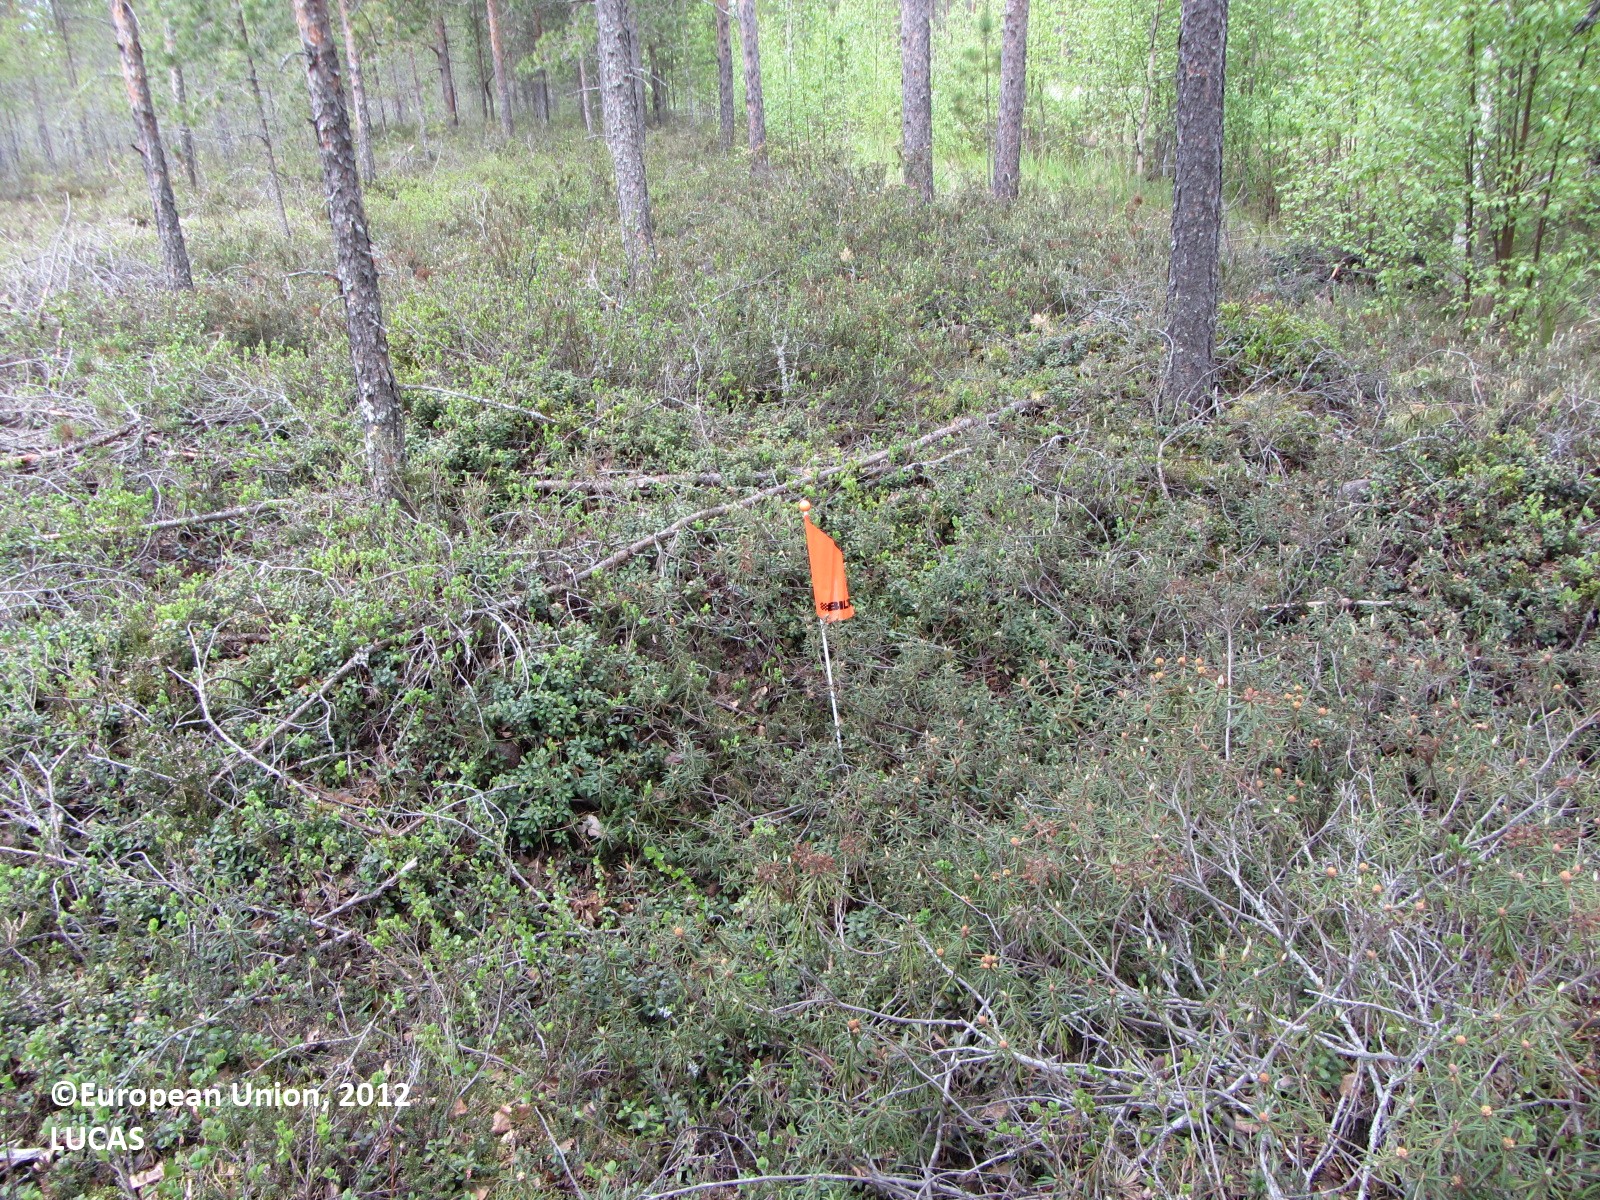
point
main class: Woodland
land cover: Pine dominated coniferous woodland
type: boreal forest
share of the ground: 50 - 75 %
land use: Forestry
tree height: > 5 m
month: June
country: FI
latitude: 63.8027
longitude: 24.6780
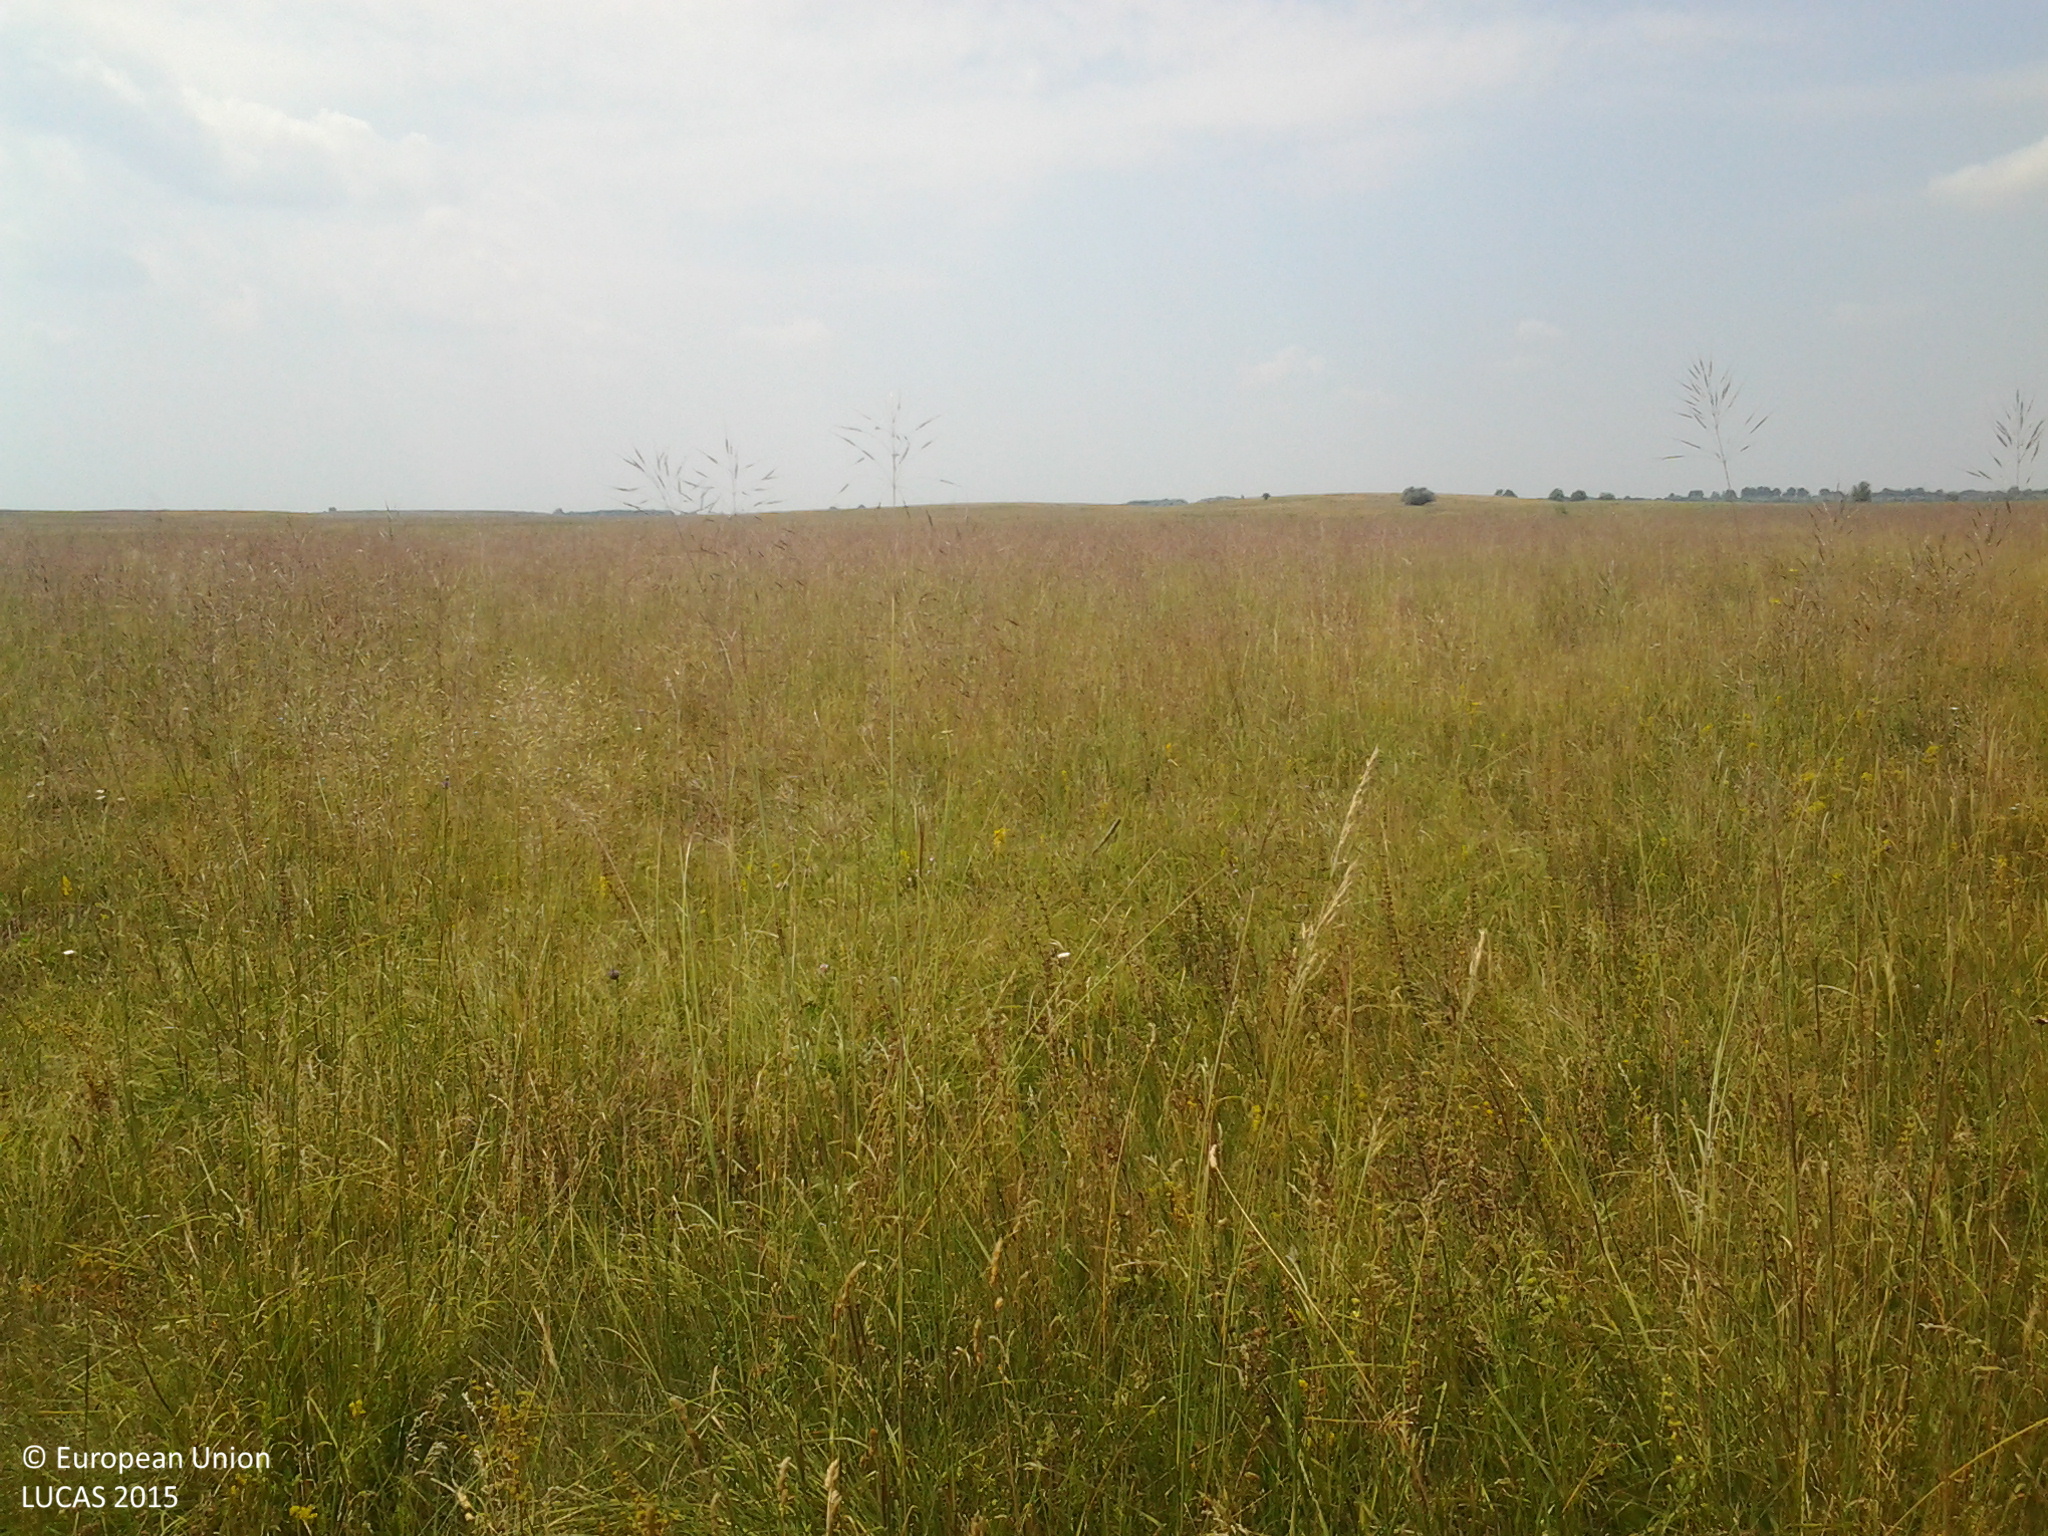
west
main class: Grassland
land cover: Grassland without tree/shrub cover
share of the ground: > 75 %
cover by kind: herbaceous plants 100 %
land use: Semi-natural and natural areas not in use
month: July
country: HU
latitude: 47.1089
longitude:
+-------+
> [WORK INSTRUCTIONS]:
Exactly the lines from the one containing "share of the ground: 50 - 75 %" to the end of the records above, both end lines included, are to be printed, and no pictures with them.

> [RESULT FOR THIS TASK]:
share of the ground: 50 - 75 %
land use: Forestry
tree height: > 5 m
month: June
country: FI
latitude: 63.8027
longitude: 24.6780
west
main class: Grassland
land cover: Grassland without tree/shrub cover
share of the ground: > 75 %
cover by kind: herbaceous plants 100 %
land use: Semi-natural and natural areas not in use
month: July
country: HU
latitude: 47.1089
longitude:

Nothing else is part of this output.